You will want to get the real skinny on this one
Agatha Christie's "The Case of the Missing Lady" adapted by Jonathan Hale.
The Scene opens with a moaning lady; hovering over her is a brute assistant Muldoon to what looks like a mad doctor and his Brunhilda looking assistant. To make matters worse there is the biggest hypodermic syringe ever conserved by man. It is half full of green glop.
Gabriel Savansson (Jonathan Newth) just returned from a two year stint in the artic and is getting the runaround while trying to find his fiancé Herminie. To make matters the Lady Susan that was giving him the runaround was FAT and he has always hated fat women. He is in need of a detective agency.

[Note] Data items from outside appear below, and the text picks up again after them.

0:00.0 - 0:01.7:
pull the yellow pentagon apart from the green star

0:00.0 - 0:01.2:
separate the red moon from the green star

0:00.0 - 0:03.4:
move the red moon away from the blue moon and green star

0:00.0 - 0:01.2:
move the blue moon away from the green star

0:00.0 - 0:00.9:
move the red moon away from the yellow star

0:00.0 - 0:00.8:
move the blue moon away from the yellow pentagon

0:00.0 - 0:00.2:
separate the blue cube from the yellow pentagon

After the Great War Tommy Beresford (James Warwick) and wife/ assistant Tuppence (Francesca Annis) buy the Blunt International Detective agency. And with out any background become detectives. By the time you get to this episode they are getting good at it (maybe).
Why Tommy and Tuppence are discussing the situation with the large, charming Lady Susan (Elspeth March). A telegram arrives that gives them a clue to the whereabouts of Herminie. This clue may take to them to the sinister world we started out with.
Tuppence will be required to be East European ballerina and is forced to explain Swan Lake. Tommy has a "nose" for these things.
The acting at first make you thing that you are sitting in the front row of a Bernard Shaw play. During the Swan Lake scene we are wondering why the comedy of manners, when we should be deadly serious and terrified.
Will the "partner in crime" be able to foil what surly looks like a wicked plot?